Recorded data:
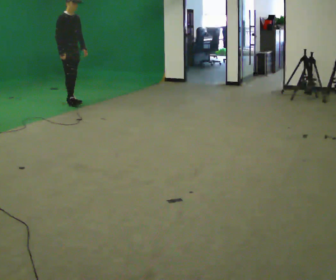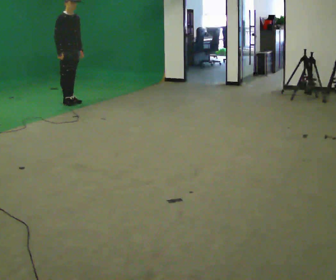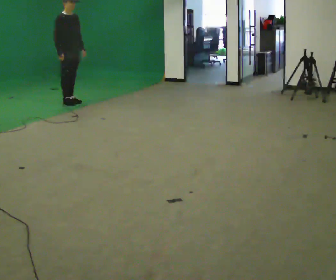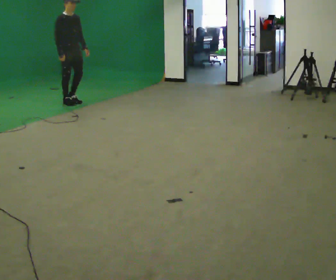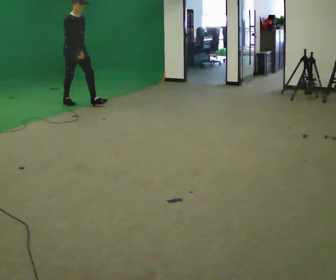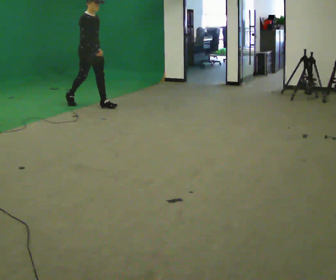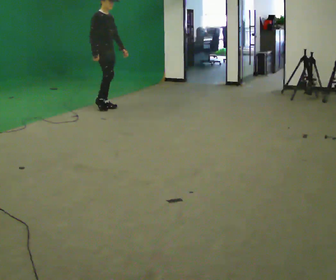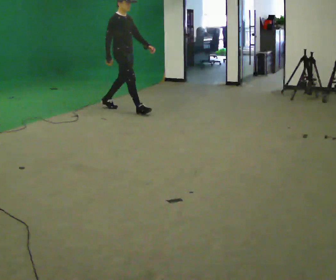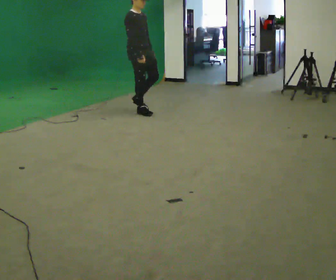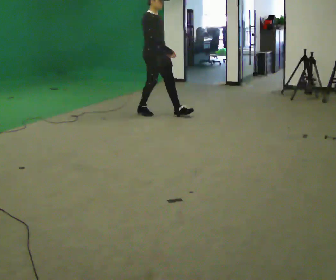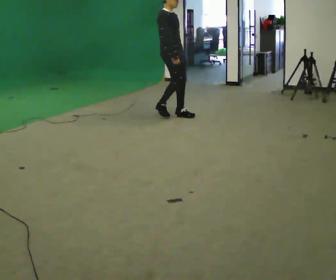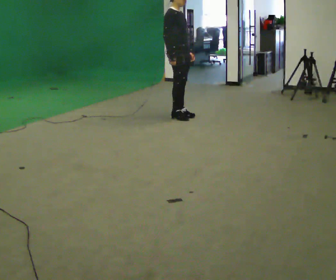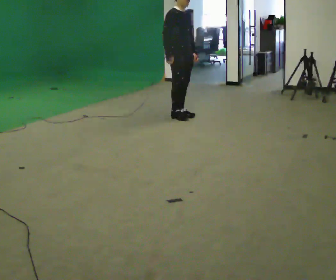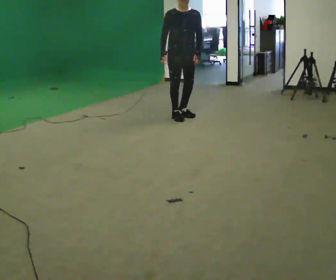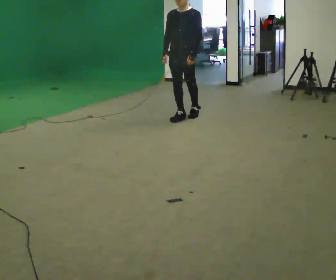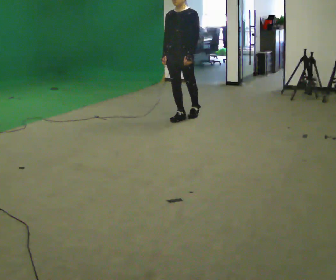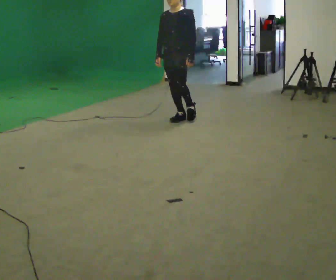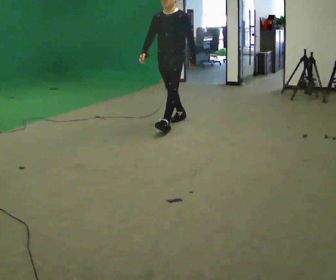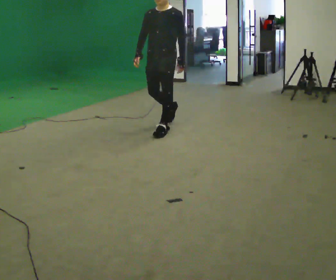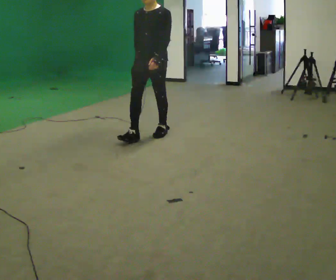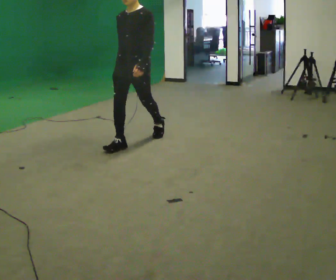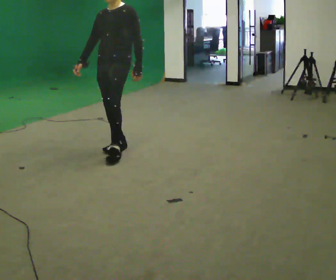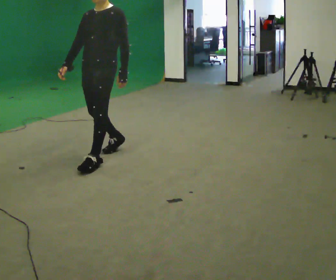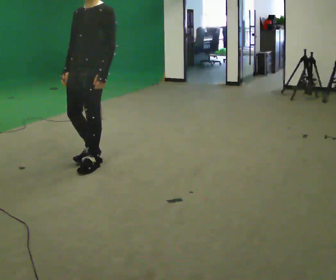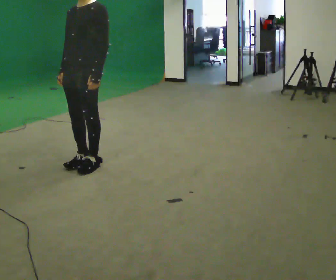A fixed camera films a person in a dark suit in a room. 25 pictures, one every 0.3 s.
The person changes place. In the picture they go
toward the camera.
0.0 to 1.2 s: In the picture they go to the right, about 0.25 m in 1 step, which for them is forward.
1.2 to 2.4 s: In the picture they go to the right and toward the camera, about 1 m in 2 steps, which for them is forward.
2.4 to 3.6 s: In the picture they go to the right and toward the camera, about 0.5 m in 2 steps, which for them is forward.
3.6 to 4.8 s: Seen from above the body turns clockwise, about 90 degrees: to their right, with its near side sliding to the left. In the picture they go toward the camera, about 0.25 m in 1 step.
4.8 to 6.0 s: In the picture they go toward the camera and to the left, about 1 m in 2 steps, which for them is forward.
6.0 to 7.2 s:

The task:
Retype all entries exactly, without the images.

Result below:
A fixed camera films a person in a dark suit in a room. 25 pictures, one every 0.3 s.
The person changes place. In the picture they go
toward the camera.
0.0 to 1.2 s: In the picture they go to the right, about 0.25 m in 1 step, which for them is forward.
1.2 to 2.4 s: In the picture they go to the right and toward the camera, about 1 m in 2 steps, which for them is forward.
2.4 to 3.6 s: In the picture they go to the right and toward the camera, about 0.5 m in 2 steps, which for them is forward.
3.6 to 4.8 s: Seen from above the body turns clockwise, about 90 degrees: to their right, with its near side sliding to the left. In the picture they go toward the camera, about 0.25 m in 1 step.
4.8 to 6.0 s: In the picture they go toward the camera and to the left, about 1 m in 2 steps, which for them is forward.
6.0 to 7.2 s:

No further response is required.